Soleiman used to be a supporter of Mamdani, but switched his support for what he, without elaborating, called Mamdani’s arrogance. Part of his opposition is the candidate’s promise to decriminalize prostitution, which he claims is “anti-Islam.” (In the second mayoral debate on Wednesday, Cuomo accused Mamdani of hurting the sentiments of Sunni Muslims due to his promise to decriminalize prostitution. According to his campaign platform, Mamdani will go after sex traffickers instead of targeting sex workers.)
More recently, however, Soleiman has been frustrated that Cuomo has not been allowed to visit or campaign in any mosques. “Most of the mosques in the city support Mamdani,” Soleiman admitted, adding, “and now these mosques are not allowing Cuomo to go to the mosques.”
“If you believe in religion, you cannot be a socialist,” said Soleiman.
Latest election polls have found Mamdani to be leading comfortably ahead of Cuomo, with Republican candidate Curtis Sliwa well behind both.
Part of the resistance to Cuomo’s outreach among South Asians is also rooted in the career-politician’s own history of governance.
“As a survivor of sexual harassment, I get the creeps from Cuomo,” said Sherry Padilla, an Indo-Carribean woman from Guyana, who resides in Richmond, Queens. “He was also responsible for the deaths of thousands of elderly New Yorkers during COVID,” she claimed.
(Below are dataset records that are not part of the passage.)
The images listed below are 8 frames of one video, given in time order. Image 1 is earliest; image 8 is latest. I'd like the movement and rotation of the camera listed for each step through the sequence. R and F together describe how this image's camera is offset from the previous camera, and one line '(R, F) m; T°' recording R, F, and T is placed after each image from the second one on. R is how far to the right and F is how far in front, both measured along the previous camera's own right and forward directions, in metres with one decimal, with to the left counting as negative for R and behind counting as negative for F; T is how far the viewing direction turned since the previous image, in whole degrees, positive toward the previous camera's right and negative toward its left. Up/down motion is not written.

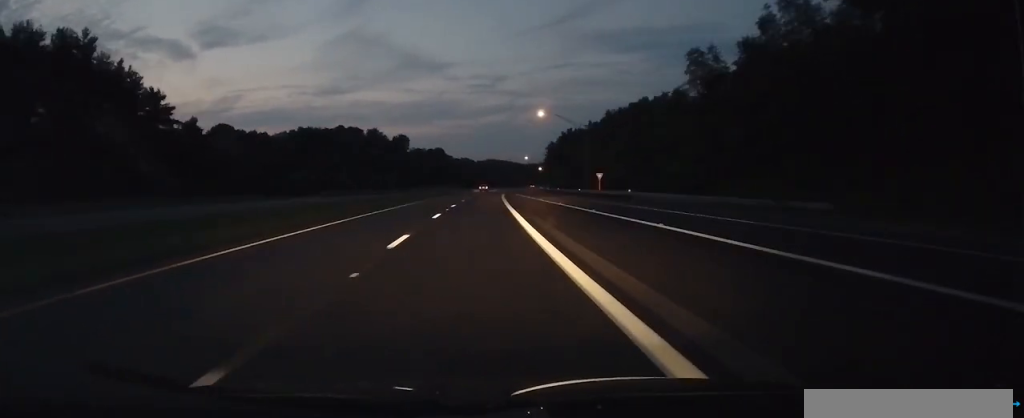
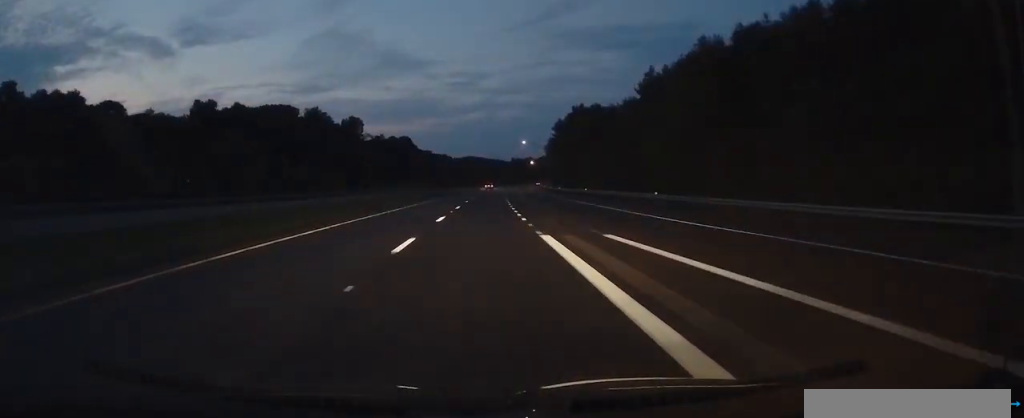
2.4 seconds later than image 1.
(+2.6, +74.8) m; +3°
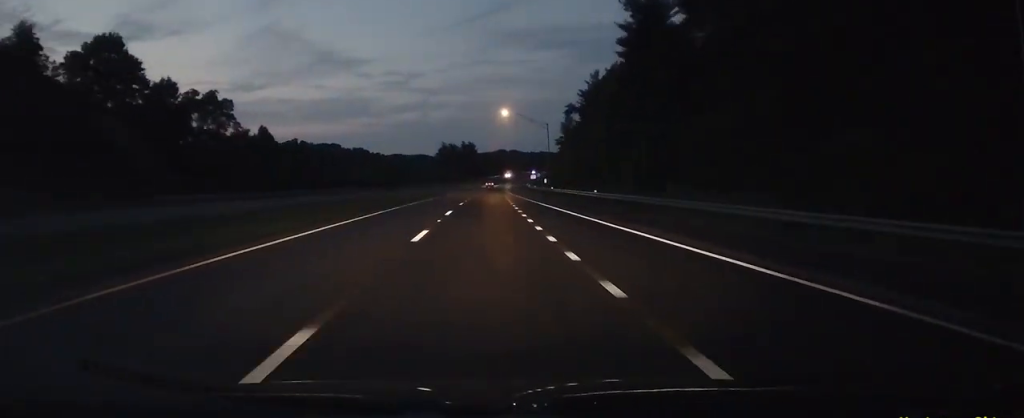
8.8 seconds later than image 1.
(+10.8, +202.9) m; +6°
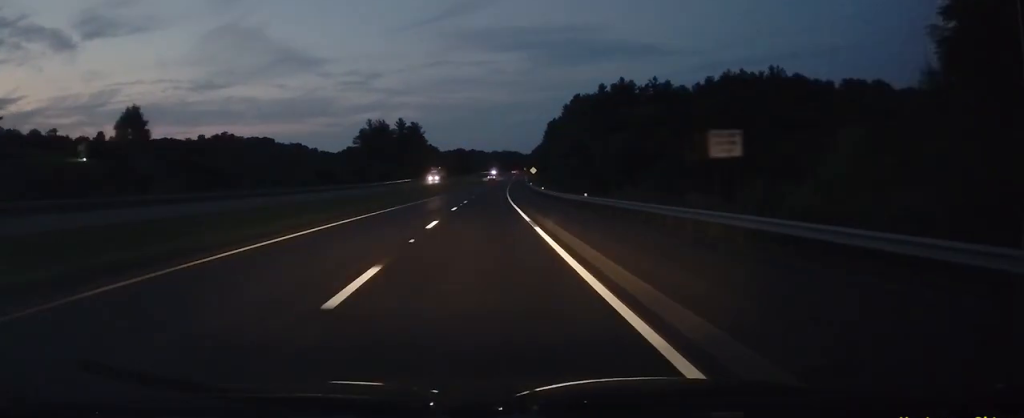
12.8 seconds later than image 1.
(+4.4, +128.6) m; +4°
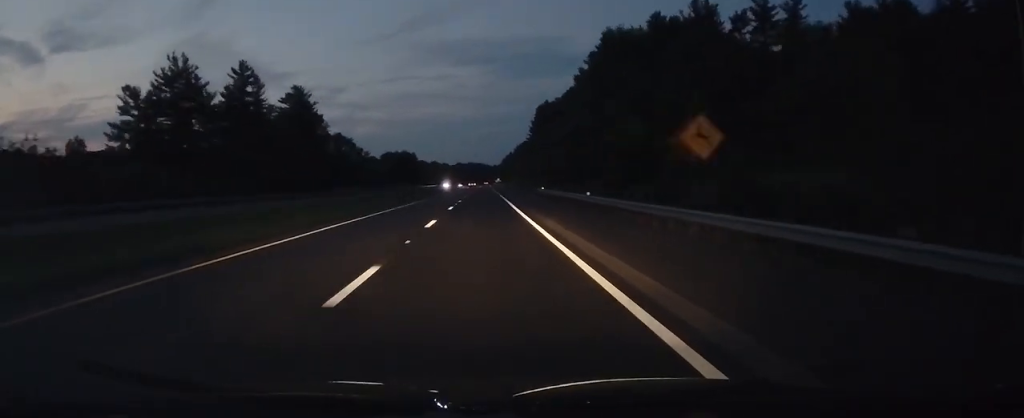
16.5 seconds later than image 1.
(+3.6, +120.6) m; +3°
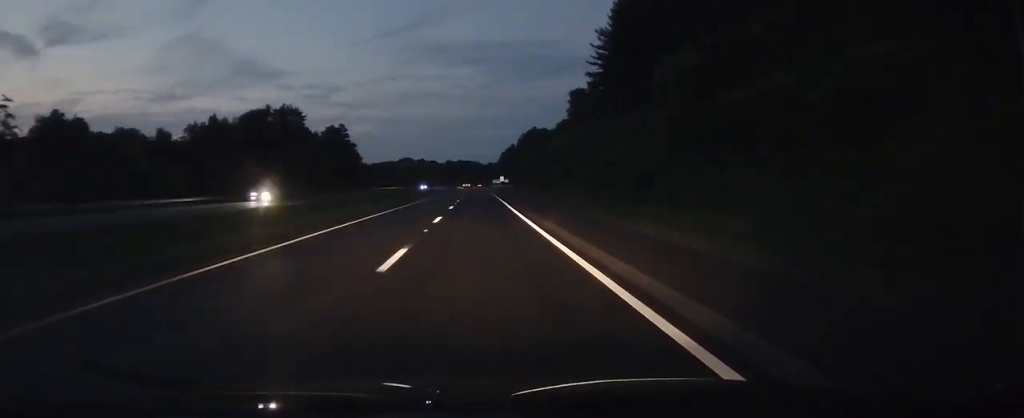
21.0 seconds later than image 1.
(+2.9, +142.5) m; +1°
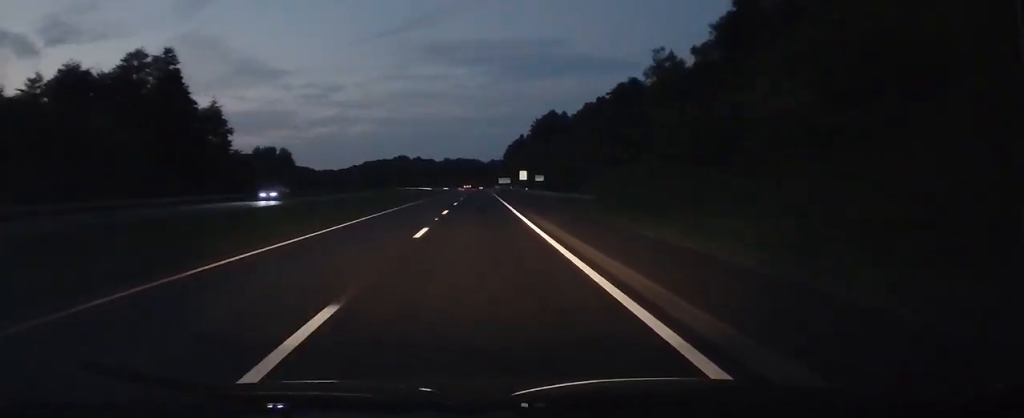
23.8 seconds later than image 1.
(-0.4, +91.2) m; 0°
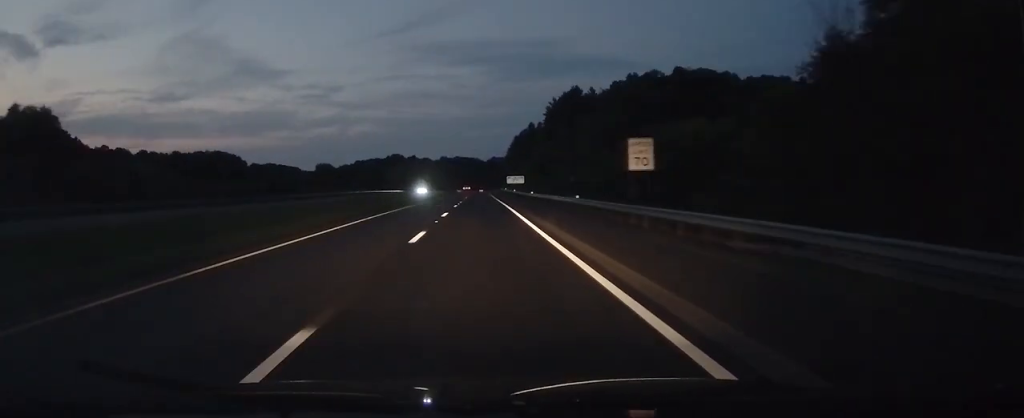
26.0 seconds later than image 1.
(-0.3, +74.3) m; 0°

你知道吗?非公民办理驾照时的这个错误可能会导致选民欺诈
If Mamdani wins on Nov. 4, he will become the city’s first South Asian and Muslim Mayor. But for some South Asians, his identity is merely a subset of the reasons they support him.
“I support Mamdani not because he is Muslim, nor because he is South Asian. I support him because he stands for working class people and his policies will make New York City more affordable to live in,” said Fouzia.
The Cuomo campaign did not respond to Documented’s questions about whether Cuomo endorses Patel’s promotion of anti-Muslim hate speech or to additional requests for comment.
Patel also did not respond to Documented’s request for comments.